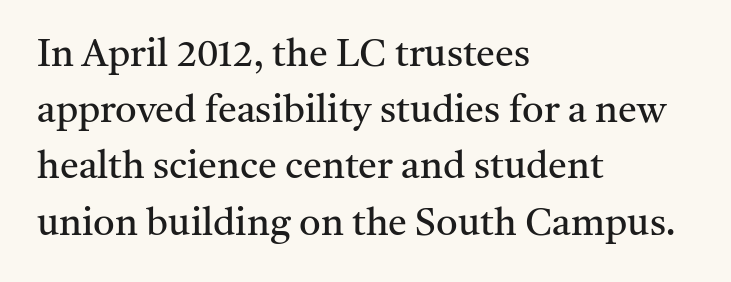
Q: Is the text bold? A: No.
Q: Is the text italic (slanted)? A: No, it is upright.
Q: Is the typeface a serif or a sans-serif typeface? A: Serif.
Q: Is the text underlined? A: No.
Q: How is the paragraph aligned? A: Left-aligned.
Q: Is the spacing between letters normal or unusually wide? A: Normal.
Q: Is the spacing between lines tight, normal or loose? A: Normal.
Q: Width (condensed, normal, or wide)? A: Normal.
Q: Stroke contrast? A: Medium.
Q: x-height? A: Medium.
Q: Monospaced? A: No.
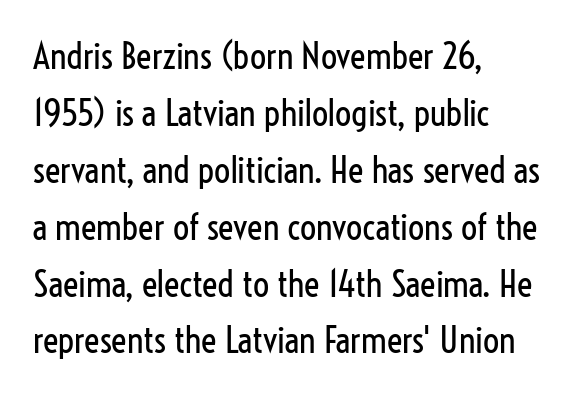
The image shows 36 px regular-weight, condensed sans-serif type, upright; set left-aligned, normal line spacing (1.58x), normal letter spacing, not underlined; low stroke contrast and a medium x-height.
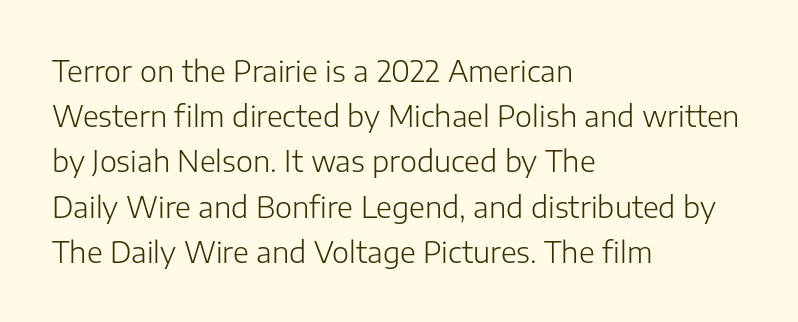
{"serif": "no", "italic": "no", "bold": "no", "weight": "light", "width": "normal", "stroke_contrast": "low", "x_height": "medium", "monospaced": "no", "underline": "no", "align": "left", "line_spacing": "normal", "line_spacing_ratio": 1.56, "letter_spacing": "normal", "letter_spacing_em": 0.0, "glyph_px": 29}
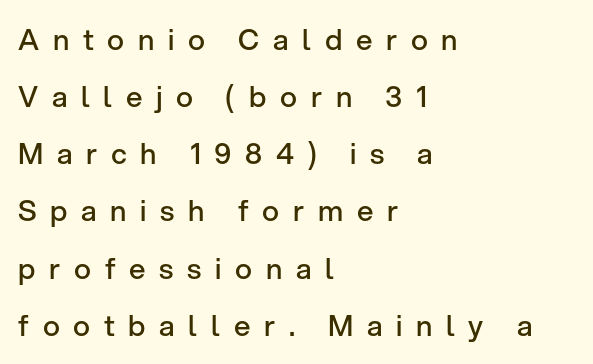
Q: Is the text bold? A: Semi-bold.
Q: Is the text italic (slanted)? A: No, it is upright.
Q: Is the typeface a serif or a sans-serif typeface? A: Sans-serif.
Q: Is the text underlined? A: No.
Q: How is the paragraph aligned? A: Left-aligned.
Q: Is the spacing between letters normal or unusually wide? A: Unusually wide.
Q: Is the spacing between lines tight, normal or loose? A: Loose.
Q: Width (condensed, normal, or wide)? A: Normal.
Q: Stroke contrast? A: Low.
Q: x-height? A: Medium.
Q: Monospaced? A: No.
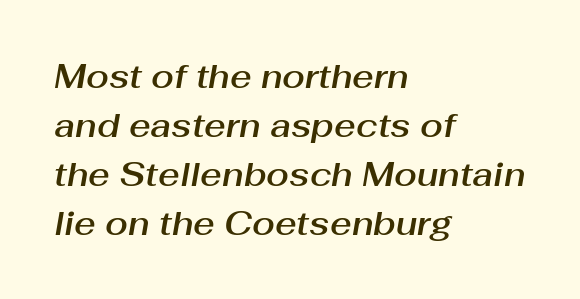
Q: Is the text italic (slanted)? A: Yes, it leans right by about 10 degrees.
Q: Is the text underlined? A: No.
Q: How is the paragraph aligned? A: Left-aligned.
Q: Is the spacing between letters normal or unusually wide? A: Normal.
Q: Is the spacing between lines tight, normal or loose? A: Normal.
Q: Width (condensed, normal, or wide)? A: Normal.
Q: Stroke contrast? A: Medium.
Q: x-height? A: Medium.
Q: Monospaced? A: No.
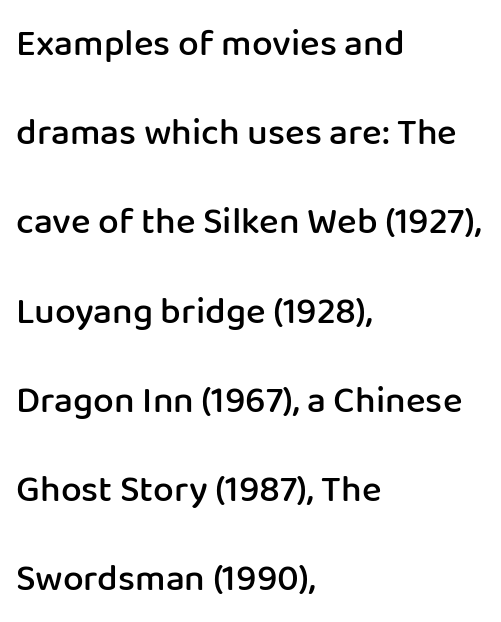
Horizontal alignment here is leftward, the default for most running prose. Descender tails drop into unmarked territory. Words appear dense and cohesive because spacing is normal. Style check: upright. What weight is shown? A semibold, between regular and bold. Compared with typical paragraphs, the rows here are farther apart.
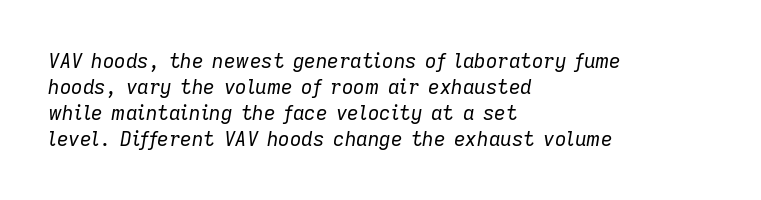
The image shows 20 px text type, italic (leaning right); set left-aligned, normal line spacing (1.3x), normal letter spacing, not underlined.
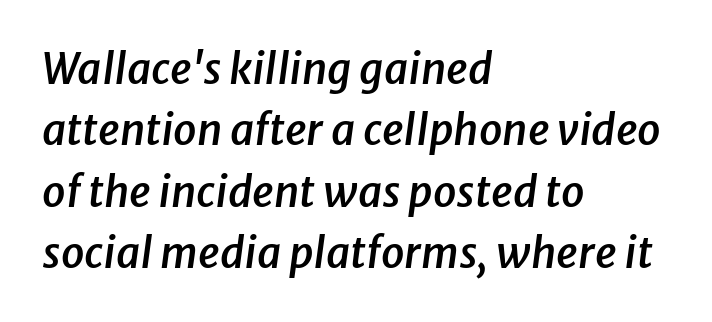
Q: Is the text bold? A: Semi-bold.
Q: Is the text italic (slanted)? A: Yes, it leans right by about 8 degrees.
Q: Is the text underlined? A: No.
Q: How is the paragraph aligned? A: Left-aligned.
Q: Is the spacing between letters normal or unusually wide? A: Normal.
Q: Is the spacing between lines tight, normal or loose? A: Normal.
Q: Width (condensed, normal, or wide)? A: Normal.
Q: Stroke contrast? A: Low.
Q: x-height? A: Medium.
Q: Monospaced? A: No.
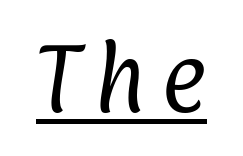
Q: Is the text bold? A: No.
Q: Is the typeface a serif or a sans-serif typeface? A: Sans-serif.
Q: Is the text underlined? A: Yes.
Q: Is the spacing between letters normal or unusually wide? A: Unusually wide.
Q: Width (condensed, normal, or wide)? A: Condensed.
Q: Stroke contrast? A: Low.
Q: x-height? A: Medium.
Q: Monospaced? A: No.

____________

Work request:
The required answer is each line of the data in which the word "slanted" appears.

Exercise solution:
Q: Is the text italic (slanted)? A: No, it is upright.
Q: Is the text italic (slanted)? A: No, it is upright.
Q: Is the text italic (slanted)? A: Yes, it leans right by about 10 degrees.
Q: Is the text italic (slanted)? A: Yes, it leans right by about 8 degrees.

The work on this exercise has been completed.